### Work task
From the data below, return all lines holding the string "grade".

### Dataset section
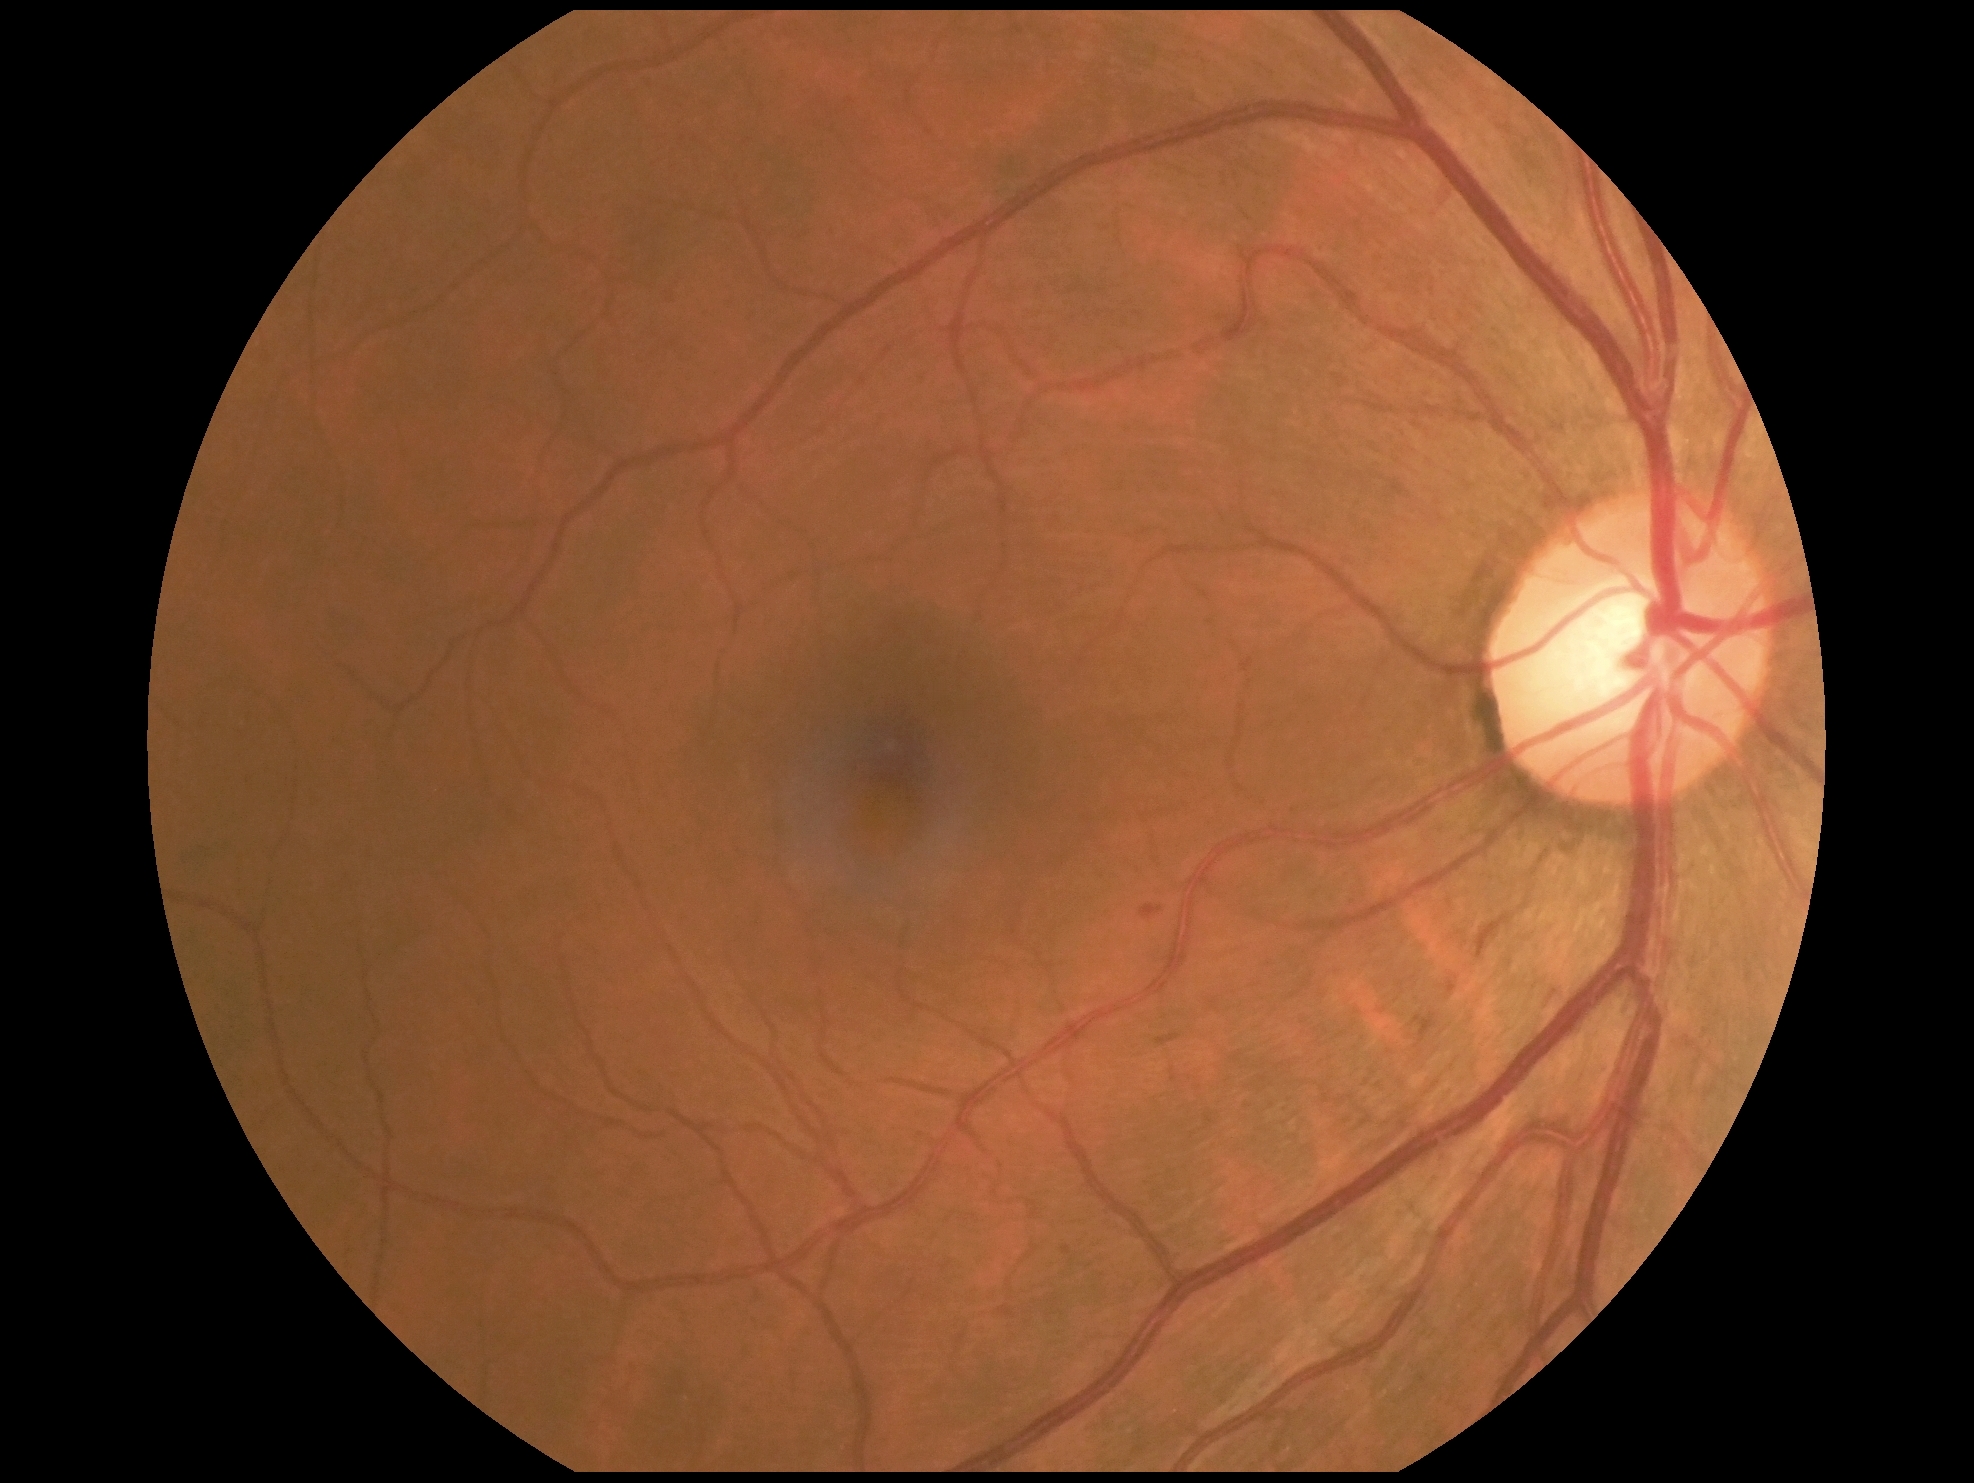
* DR class — non-proliferative diabetic retinopathy
* DR — grade 2 (moderate NPDR) — more than just microaneurysms but less than severe NPDR
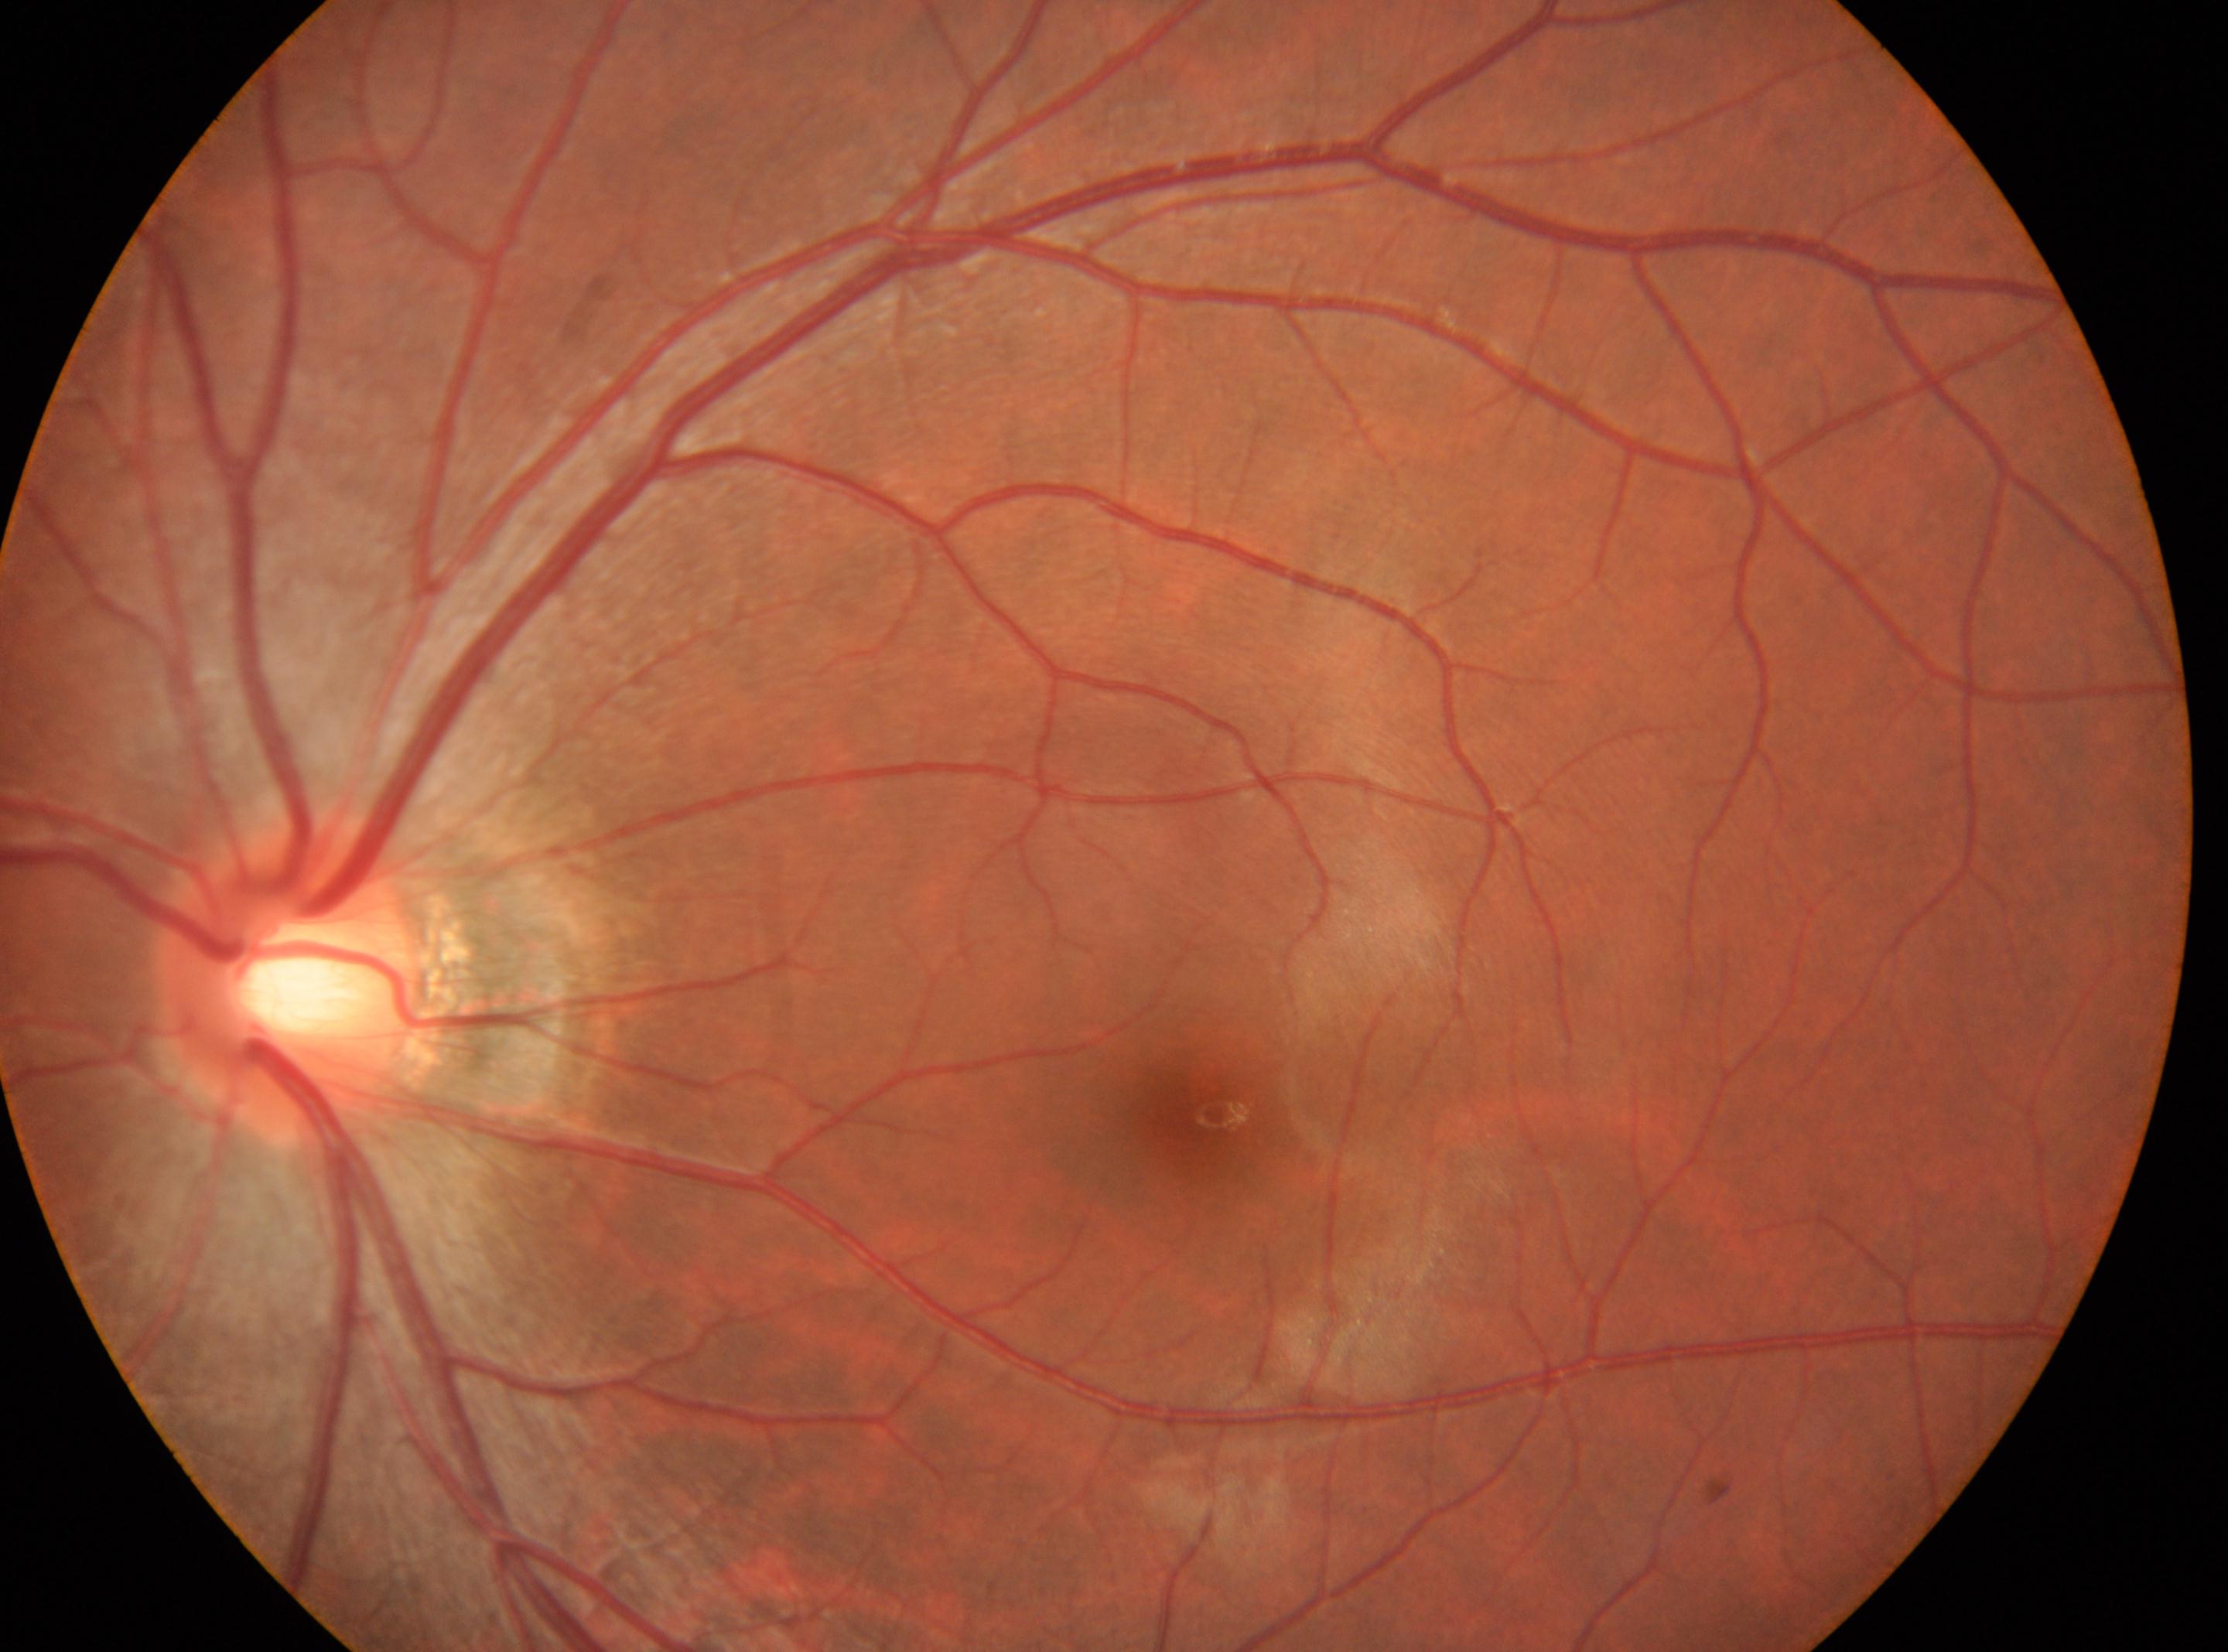

The fovea is at (x: 1211, y: 1115). The optic disc center is at (x: 292, y: 982). Diabetic retinopathy (DR) is grade 0 (no apparent retinopathy) — no visible signs of diabetic retinopathy. The image shows the left eye. No apparent diabetic retinopathy.

### Exercise response
* DR — grade 2 (moderate NPDR) — more than just microaneurysms but less than severe NPDR
The fovea is at (x: 1211, y: 1115). The optic disc center is at (x: 292, y: 982). Diabetic retinopathy (DR) is grade 0 (no apparent retinopathy) — no visible signs of diabetic retinopathy. The image shows the left eye. No apparent diabetic retinopathy.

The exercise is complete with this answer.